Staatsanwaltliche PR im Fall Tauss - "soziale Exekution"?
Gespeichert von Prof. Dr. Henning Ernst Müller am
Wie heute berichtet wird, hat die Karlsruher Staatsanwaltschaft ihre Anklageerhebung im Fall des Bundestagsabgeordneten Tauss angekündigt. Es fehle lediglich noch die Aufhebung der Immunität. Die Bild-Zeitung hatte offenbar bereits vorab berichtet, Oberstaatsanwalt Rüdiger Rehring bestätigte diese Berichterstattung nun und begründete die beabsichtigte Anklageerhebung gegenüber der Öffentlichkeit in tatsächlicher und rechtlicher Beziehung.

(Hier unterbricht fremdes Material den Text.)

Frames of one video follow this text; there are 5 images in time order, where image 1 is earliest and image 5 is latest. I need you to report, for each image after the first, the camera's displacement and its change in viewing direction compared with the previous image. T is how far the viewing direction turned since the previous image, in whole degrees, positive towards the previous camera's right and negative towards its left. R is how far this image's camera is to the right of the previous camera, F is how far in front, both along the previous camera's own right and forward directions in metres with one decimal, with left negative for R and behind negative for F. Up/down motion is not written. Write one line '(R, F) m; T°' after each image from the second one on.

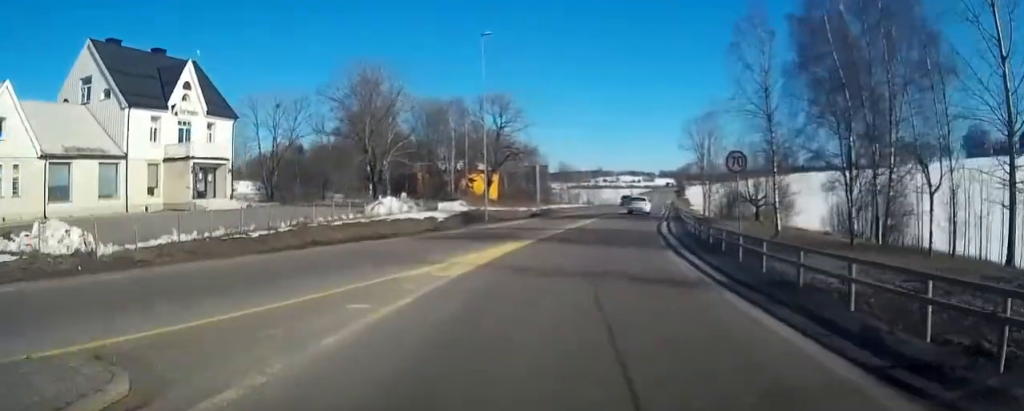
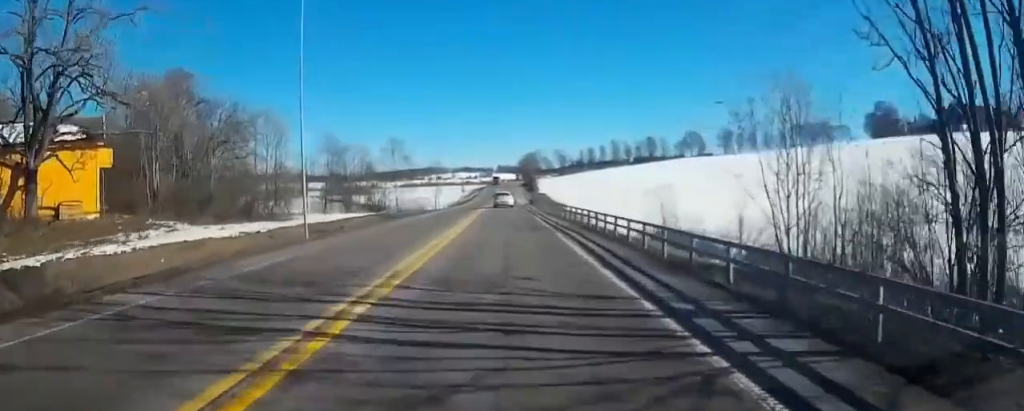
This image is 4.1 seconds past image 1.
(+11.1, +58.9) m; +15°
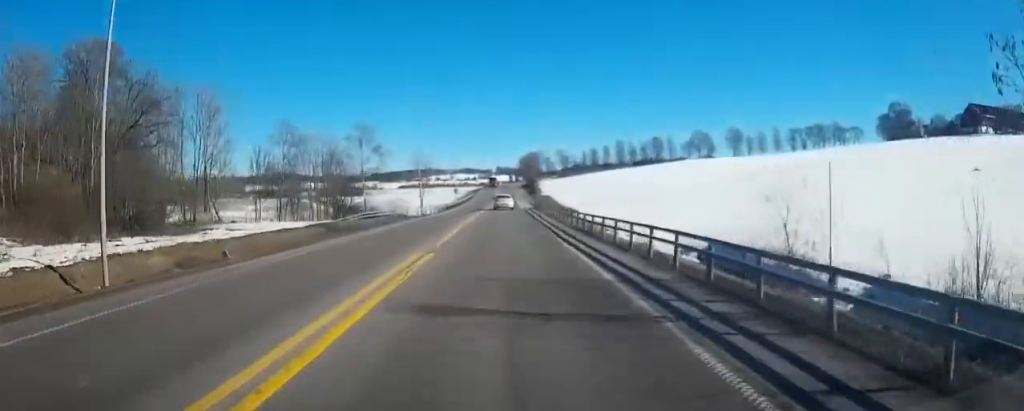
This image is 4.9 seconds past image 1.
(-0.1, +14.9) m; 0°
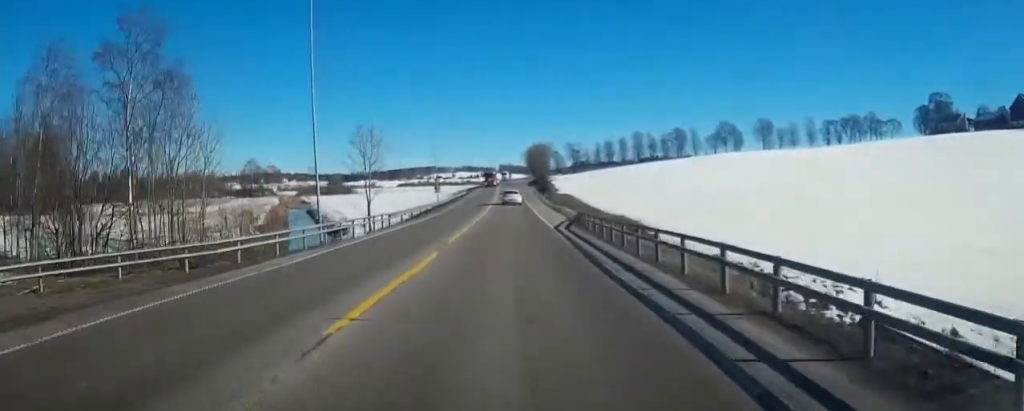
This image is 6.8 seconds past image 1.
(+0.2, +34.9) m; +1°
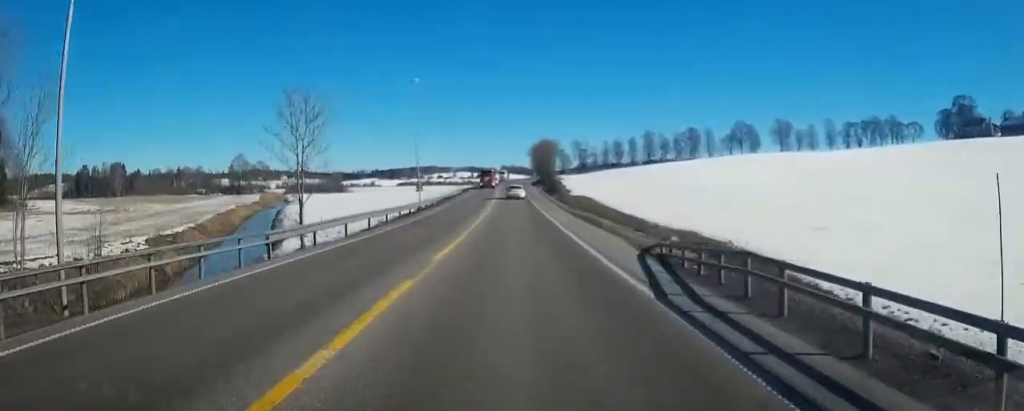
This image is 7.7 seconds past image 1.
(+0.1, +17.5) m; 0°

Tauss und sein Anwalt empörten sich über diese Vorgehensweise, da sie erst jetzt Akteneinsicht bekommen hätten und sie also noch keine Gelegenheit zur Stellungnahme bzw. zur Stellung von Beweisanträgen im Ermittlungsverfahren gehabt hätten. Die Handlungsweise der Staatsanwaltschaft komme einer "sozialen Exekution" gleich. (Pressemitteilung)
Die Einwände Tauss´ und seines Verteidigers sind zwar grundsätzlich durchaus beachtlich, doch ist ihre Verteidigungsstrategie (Berufung auf § 184 b Abs. 5 StGB) der Öffentlichkeit schon längst bekannt. Eine gerichtliche Klärung dieser Frage (bzw. Klärung eines evtl. Verbotsirrtums in diese Richtung) ist m. E. wünschenswert. Zudem hat Tauss sich das schlechte Bild in der Öffentlichkeit durch seine ungeschickte Vorgehensweise bei seinen "Ermittlungen" im Umfeld eines vermeintlichen Kinderschänderrings zumindest teilweise selbst zuzuschreiben.
Allerdings hatte die Staatsanwaltschaft vor einigen Monaten erklärt, sie habe zunächst gar nicht an die Öffentlichkeit gehen wollen, aber das Öffentlichkeitsinteresse habe sie "wie ein Tsunami" überrollt. Was Oberstaatsanwalt Rehring allerdings nicht davon abgehalten hat, die Presse mit weiteren Details der Ermittlungen zu füttern. (siehe hier)
Auch angesichts der neuerdings offensiveren Pressearbeit der Staatsanwaltschaften im Allgemeinen, ist die Frage zu stellen: Liegt hier (noch) berechtigte Öffentlichkeitsarbeit der Staatsanwaltschaft vor? Oder wird mittels Umwegs über die Medienöffentlichkeit versucht, auf die Entscheidung des Parlaments im Hinblick auf die Immunitätsaufhebung Einfluss zu nehmen?